Note that the simple Client.send is non-blocking and is the only way to send requests to the server, and Client.handleResponse is the only place it receives responses. So if you call the supplied callback immediately after sending the request in callbackSend, that would be incorrect. You need to implement logic to match a received response with the corresponding previously sent request. For example, you could include a unique request identifier in each request and its corresponding response in order to match the two.

Tips

  1. You should be able to test-drive all supplied classes including Grader* by simply running them using their main methods.
  2. The documentation of the edu.umass.cs.nio library being used is included in the provided source jar. It does indeed ensure reliable, in-order message delivery so that you don’t have to worry about networking issues.
  3. While testing, make sure you create any keyspace as needed on your local Cassandra instance before running Grader*.
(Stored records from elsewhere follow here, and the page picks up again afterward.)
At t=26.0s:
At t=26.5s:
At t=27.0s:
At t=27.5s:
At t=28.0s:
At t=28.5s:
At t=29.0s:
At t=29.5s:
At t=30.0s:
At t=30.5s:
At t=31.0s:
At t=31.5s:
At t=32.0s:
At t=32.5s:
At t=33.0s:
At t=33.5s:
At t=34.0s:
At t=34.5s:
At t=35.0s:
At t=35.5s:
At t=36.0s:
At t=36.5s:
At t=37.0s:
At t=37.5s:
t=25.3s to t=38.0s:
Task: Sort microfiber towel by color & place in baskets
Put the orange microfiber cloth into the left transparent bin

3.2. [Part 2]: Distributed middleware for totally ordered writes

This part requires you to implement MyDBReplicatedServer.java that extends SingleServer.java (NOT ReplicatedServer.java) satisfying the following design requirements:

  1. Upon receiving a request, MyDBReplicatedServer.java should coordinate with other servers as needed in order to implement totally ordered update operations.
  2. Your goal as before is to make the junit tests in Grader pass.
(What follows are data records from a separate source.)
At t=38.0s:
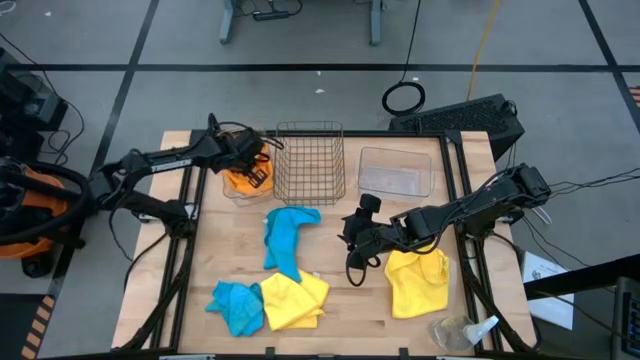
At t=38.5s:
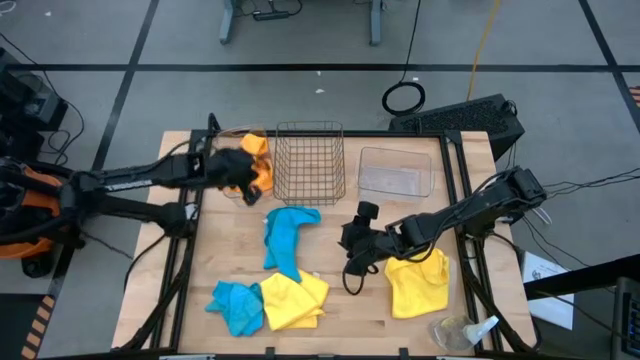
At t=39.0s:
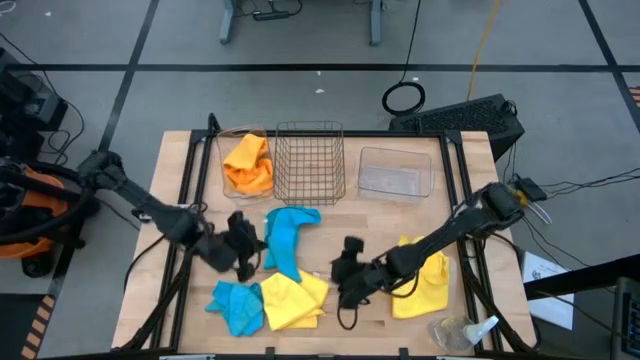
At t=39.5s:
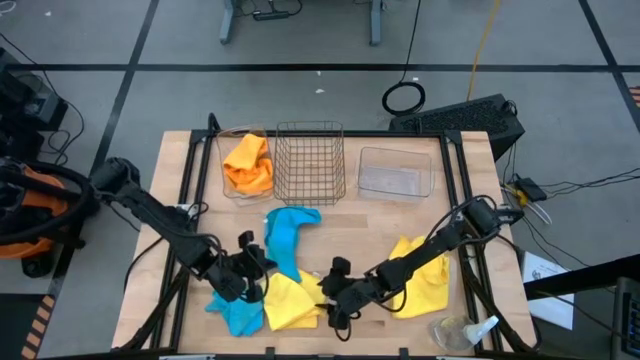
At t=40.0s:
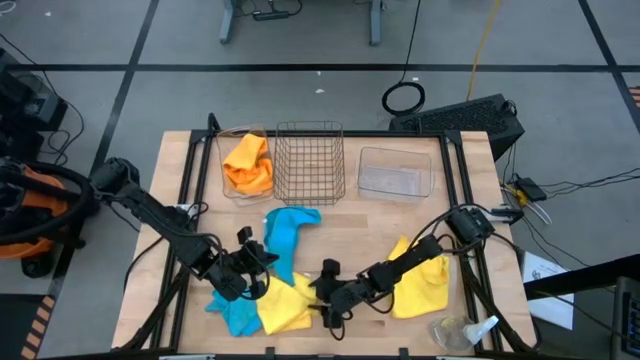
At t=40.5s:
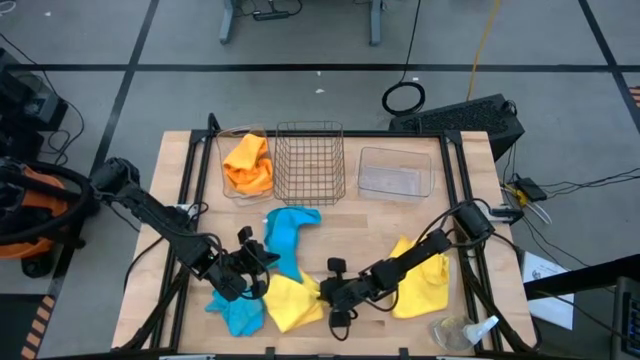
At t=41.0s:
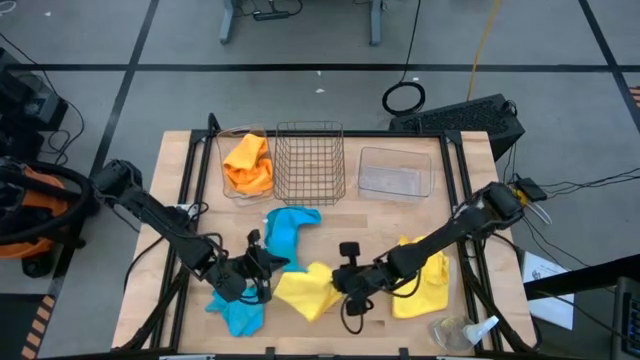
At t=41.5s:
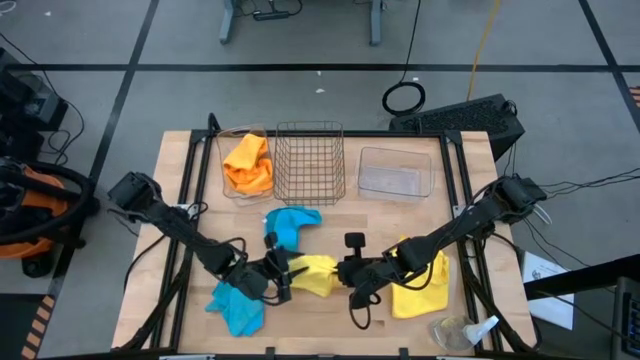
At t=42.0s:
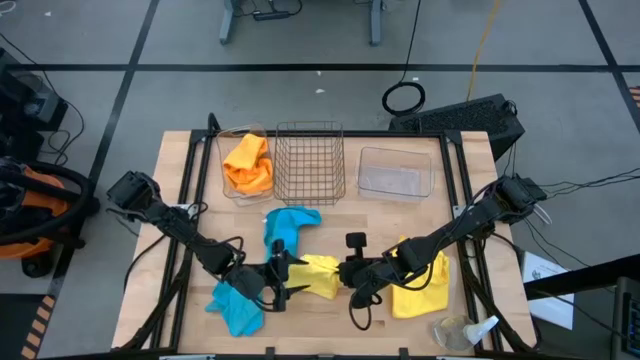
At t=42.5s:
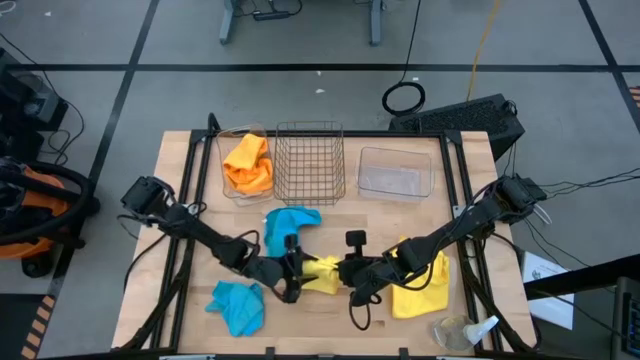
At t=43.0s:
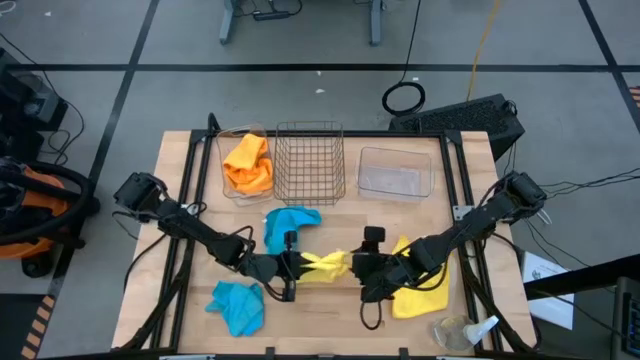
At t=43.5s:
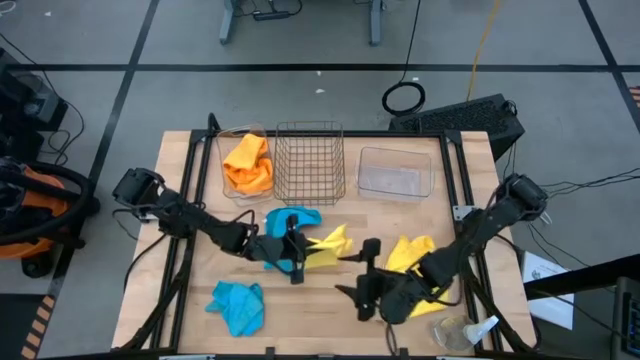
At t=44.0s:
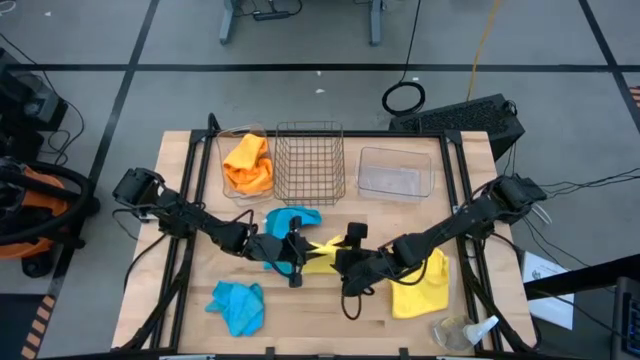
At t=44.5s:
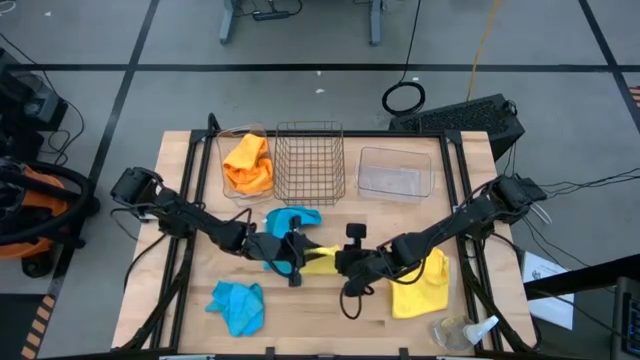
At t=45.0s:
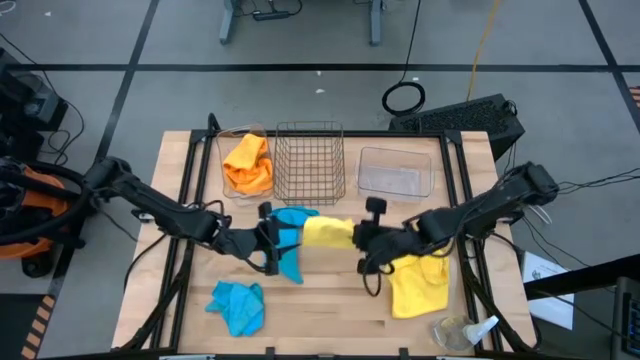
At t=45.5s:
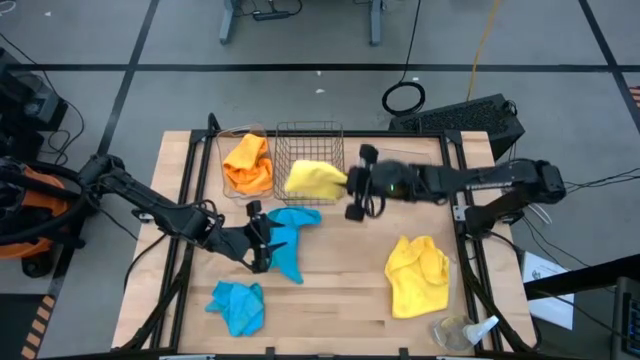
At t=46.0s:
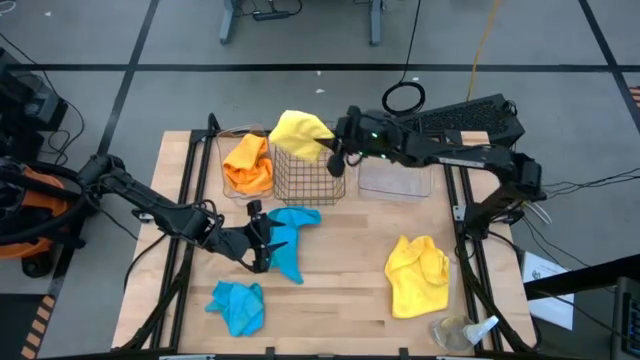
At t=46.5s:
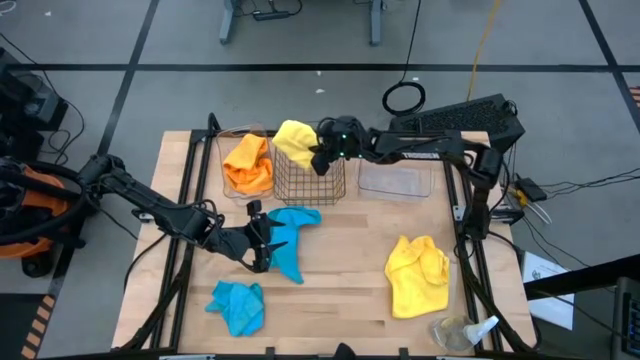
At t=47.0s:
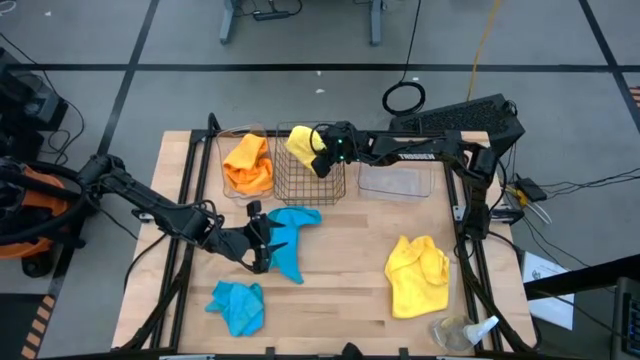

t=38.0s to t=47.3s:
Put the left yellow microfiber cloth into the wire basket

Your code must respect the following constraints and testing assumptions:

  1. As before, you can not modify Client.java and SingleServer.java.
  2. The only Cassandra write operations with which we will test are create, insert, update, drop, and truncate.
  3. The Grader will only send requests from a single client instance (but the non-blocking API means that concurrent requests will inevitably get dispatched).
  4. Do not use sleep in your client or server code. That would be "cheating" because, as you can see from the Grader's tests, it's ability to blast requests quickly is important to stress test your code.
  5. Do not use any global data structures (i.e., static variables) because a global data structure doesn't exist in a distributed system (but exists in our single-JVM testing environment.)

Tip: Use ReplicatedServer.java as a starting point, noting that it only implements a simplistic lazy replication approach that may not even be eventually consistent.

Additional tips here.

4. Submission instructions

You need to submit the following retaining the original directory structure.

  1. MyDBClient.java (for part 1 by its due date on Gradescope)
  2. MyDBSingleServer.java (for part 1 by its due date on Gradescope)
  3. MyDBReplicatedServer.java (for part 2 by its due date on Gradescope)
  4. Each part’s submission must be accompanied by a brief design document (at most two pages) explaining your approach including what you tried even if your submission didn’t pass all tests or work at all. Part 1 should not require more than a paragraph or two to describe your approach.